Filter the entries for the string "vertical". Copy each line that has it.

[Records from a data source]

-.-.-

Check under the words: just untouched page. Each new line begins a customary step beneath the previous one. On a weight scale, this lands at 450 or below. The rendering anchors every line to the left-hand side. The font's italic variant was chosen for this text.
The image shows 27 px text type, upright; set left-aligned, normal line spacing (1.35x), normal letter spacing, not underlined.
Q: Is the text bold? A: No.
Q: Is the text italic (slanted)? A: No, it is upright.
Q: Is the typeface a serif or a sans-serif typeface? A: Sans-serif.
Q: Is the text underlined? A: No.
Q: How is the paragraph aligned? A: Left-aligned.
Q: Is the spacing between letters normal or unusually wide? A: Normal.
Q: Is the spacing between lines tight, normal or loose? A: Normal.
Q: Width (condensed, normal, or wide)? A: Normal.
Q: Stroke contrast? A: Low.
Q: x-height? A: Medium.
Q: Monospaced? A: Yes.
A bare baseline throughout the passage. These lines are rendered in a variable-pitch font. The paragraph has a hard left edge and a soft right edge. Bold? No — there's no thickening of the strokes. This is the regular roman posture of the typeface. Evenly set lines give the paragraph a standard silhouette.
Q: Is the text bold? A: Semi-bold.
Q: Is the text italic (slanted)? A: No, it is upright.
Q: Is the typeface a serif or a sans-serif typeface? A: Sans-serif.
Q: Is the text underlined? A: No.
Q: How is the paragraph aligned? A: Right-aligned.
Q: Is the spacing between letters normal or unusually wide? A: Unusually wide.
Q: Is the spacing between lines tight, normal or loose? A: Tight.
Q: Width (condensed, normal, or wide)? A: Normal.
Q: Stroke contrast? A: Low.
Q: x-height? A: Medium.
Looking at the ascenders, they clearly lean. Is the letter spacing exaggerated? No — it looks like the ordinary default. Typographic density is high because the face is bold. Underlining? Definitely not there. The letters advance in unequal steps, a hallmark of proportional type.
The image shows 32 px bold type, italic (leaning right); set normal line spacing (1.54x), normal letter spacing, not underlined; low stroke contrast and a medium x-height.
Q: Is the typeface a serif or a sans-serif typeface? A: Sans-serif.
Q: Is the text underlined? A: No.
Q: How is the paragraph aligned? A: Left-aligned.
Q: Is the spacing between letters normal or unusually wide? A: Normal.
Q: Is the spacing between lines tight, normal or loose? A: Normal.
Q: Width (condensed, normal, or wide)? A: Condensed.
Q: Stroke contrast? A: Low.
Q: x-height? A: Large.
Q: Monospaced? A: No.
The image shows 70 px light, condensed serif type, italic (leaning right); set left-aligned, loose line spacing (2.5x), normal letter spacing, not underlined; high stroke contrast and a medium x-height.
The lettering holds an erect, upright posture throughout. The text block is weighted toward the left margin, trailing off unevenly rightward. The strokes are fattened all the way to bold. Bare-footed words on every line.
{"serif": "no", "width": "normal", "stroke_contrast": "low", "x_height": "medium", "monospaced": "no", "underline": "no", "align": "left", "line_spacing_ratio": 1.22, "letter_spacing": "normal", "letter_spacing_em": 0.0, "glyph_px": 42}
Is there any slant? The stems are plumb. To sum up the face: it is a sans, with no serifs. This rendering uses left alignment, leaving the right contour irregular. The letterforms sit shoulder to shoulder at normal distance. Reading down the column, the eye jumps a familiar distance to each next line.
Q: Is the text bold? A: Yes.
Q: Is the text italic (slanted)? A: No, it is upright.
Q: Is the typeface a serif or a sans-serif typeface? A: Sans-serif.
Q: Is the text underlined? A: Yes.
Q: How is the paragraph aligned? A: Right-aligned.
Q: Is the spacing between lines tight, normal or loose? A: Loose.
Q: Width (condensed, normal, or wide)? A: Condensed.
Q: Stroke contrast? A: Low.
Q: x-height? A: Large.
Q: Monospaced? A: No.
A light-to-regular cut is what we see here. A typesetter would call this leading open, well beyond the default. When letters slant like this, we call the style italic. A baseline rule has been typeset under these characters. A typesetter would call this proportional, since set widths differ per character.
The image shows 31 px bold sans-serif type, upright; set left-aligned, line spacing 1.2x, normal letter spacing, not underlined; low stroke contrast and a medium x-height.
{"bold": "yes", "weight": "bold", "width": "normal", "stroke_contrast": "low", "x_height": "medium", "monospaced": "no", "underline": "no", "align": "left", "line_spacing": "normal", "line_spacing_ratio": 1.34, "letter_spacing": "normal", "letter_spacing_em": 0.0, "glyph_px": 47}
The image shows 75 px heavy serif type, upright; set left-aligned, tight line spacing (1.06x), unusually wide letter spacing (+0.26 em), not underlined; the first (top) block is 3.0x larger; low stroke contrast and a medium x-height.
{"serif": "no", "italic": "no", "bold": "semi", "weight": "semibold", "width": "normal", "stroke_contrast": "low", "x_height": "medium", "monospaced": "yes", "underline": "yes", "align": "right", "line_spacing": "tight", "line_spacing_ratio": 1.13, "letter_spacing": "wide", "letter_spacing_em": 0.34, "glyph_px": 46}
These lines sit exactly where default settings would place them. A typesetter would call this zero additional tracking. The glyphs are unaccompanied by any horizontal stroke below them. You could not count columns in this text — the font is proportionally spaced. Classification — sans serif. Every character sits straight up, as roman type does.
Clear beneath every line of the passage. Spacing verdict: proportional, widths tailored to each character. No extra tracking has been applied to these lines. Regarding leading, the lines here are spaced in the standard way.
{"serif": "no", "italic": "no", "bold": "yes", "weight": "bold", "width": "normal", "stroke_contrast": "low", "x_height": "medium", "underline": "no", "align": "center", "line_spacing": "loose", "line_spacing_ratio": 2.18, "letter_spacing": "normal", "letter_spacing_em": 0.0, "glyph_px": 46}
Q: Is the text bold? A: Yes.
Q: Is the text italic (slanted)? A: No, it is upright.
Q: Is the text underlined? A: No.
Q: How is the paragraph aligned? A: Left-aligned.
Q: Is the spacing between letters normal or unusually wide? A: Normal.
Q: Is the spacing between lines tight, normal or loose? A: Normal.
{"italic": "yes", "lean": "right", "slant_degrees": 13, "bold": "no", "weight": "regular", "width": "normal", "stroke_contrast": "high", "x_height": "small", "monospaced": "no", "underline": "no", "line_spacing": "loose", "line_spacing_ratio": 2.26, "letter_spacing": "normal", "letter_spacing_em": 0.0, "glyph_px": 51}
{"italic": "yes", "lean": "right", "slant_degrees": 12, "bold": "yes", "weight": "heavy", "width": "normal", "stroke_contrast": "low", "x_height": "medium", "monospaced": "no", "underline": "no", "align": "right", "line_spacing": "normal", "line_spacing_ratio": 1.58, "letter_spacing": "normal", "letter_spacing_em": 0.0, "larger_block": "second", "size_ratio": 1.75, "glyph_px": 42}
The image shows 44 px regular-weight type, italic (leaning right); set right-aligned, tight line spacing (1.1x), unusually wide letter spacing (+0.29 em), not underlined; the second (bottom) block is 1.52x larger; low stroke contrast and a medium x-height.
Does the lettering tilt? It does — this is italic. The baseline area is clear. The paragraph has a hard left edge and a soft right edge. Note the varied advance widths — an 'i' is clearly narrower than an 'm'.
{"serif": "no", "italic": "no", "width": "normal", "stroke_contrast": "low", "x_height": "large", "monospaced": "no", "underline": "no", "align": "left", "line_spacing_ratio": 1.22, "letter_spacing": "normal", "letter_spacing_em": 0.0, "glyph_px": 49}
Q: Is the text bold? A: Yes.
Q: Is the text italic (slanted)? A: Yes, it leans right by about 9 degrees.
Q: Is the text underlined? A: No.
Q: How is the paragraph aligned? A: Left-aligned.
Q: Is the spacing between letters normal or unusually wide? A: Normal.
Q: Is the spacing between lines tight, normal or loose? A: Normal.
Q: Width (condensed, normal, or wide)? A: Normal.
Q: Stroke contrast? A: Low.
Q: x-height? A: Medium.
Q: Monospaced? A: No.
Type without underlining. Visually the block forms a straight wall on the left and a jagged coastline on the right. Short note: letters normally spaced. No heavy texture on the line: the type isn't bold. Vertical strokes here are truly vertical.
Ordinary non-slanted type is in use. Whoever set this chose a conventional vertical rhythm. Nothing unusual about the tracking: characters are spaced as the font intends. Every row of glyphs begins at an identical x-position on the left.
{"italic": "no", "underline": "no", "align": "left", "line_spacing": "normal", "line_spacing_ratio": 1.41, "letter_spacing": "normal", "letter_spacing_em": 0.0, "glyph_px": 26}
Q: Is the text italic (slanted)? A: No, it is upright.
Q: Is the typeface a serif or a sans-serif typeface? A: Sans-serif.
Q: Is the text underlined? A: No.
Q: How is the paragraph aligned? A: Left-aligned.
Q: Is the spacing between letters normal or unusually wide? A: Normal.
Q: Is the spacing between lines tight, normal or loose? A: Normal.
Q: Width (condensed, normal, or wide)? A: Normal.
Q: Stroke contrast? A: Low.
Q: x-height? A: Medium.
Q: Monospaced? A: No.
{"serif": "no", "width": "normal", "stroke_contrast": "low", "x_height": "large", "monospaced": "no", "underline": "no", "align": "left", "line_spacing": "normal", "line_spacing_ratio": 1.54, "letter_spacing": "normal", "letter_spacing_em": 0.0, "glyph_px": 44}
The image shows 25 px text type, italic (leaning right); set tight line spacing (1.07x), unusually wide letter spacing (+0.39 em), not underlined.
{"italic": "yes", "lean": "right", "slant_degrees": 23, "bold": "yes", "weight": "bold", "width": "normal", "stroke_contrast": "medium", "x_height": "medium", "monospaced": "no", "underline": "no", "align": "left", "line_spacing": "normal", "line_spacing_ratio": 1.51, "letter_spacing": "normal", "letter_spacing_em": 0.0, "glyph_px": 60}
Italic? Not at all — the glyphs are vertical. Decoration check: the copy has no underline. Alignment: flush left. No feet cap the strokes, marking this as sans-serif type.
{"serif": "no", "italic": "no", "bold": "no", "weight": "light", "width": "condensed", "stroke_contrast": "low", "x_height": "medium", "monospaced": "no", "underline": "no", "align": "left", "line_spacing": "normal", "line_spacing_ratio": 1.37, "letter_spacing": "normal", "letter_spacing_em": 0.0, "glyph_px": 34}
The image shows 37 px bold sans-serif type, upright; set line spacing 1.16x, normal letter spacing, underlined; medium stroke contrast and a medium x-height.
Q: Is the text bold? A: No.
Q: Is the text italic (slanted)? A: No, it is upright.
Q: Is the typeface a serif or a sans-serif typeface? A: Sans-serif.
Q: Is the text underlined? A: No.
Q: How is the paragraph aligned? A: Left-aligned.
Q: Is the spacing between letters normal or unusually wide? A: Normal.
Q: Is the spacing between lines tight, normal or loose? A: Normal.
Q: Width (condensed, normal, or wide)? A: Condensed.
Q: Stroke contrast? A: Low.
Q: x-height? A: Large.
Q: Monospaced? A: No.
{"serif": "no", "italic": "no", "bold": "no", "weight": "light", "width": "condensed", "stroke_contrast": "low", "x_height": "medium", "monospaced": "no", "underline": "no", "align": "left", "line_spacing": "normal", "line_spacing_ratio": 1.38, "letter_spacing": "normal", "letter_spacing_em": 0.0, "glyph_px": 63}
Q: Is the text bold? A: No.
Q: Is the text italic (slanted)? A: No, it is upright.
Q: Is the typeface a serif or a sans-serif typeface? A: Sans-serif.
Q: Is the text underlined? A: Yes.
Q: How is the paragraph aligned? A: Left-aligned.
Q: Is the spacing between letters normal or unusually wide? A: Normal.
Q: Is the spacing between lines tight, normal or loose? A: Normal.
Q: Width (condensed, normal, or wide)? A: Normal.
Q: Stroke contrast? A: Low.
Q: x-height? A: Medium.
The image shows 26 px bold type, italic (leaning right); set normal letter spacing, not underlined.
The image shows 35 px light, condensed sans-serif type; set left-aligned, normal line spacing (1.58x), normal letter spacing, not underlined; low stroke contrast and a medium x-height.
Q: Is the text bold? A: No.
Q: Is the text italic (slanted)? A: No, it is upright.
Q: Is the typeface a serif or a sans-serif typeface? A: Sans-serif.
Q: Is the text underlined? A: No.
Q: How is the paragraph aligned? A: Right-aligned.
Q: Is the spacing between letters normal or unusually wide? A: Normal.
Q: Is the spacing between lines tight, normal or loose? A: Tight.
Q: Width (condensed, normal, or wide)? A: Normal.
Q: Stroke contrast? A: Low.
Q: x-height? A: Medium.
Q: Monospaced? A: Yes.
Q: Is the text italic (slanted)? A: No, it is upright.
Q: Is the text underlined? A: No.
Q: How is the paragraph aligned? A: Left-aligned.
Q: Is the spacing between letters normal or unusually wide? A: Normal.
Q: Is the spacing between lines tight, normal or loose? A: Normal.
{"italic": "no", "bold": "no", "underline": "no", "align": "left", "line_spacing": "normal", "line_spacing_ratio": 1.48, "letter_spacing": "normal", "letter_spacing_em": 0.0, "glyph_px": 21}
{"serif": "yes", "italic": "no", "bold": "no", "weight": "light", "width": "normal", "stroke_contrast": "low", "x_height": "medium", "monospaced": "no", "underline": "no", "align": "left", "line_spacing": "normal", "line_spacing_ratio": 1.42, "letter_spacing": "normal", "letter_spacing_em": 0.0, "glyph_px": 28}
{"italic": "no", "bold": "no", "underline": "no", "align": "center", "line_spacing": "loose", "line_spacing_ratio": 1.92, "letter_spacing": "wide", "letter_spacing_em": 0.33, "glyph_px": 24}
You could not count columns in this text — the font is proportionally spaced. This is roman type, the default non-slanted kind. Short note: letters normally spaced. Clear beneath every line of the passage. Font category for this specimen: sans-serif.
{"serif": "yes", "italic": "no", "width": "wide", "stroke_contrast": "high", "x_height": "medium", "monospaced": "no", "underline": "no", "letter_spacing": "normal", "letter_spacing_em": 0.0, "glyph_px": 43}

-.-.-

FINISHED EXERCISE -
Type without underlining. Visually the block forms a straight wall on the left and a jagged coastline on the right. Short note: letters normally spaced. No heavy texture on the line: the type isn't bold. Vertical strokes here are truly vertical.
Ordinary non-slanted type is in use. Whoever set this chose a conventional vertical rhythm. Nothing unusual about the tracking: characters are spaced as the font intends. Every row of glyphs begins at an identical x-position on the left.
Italic? Not at all — the glyphs are vertical. Decoration check: the copy has no underline. Alignment: flush left. No feet cap the strokes, marking this as sans-serif type.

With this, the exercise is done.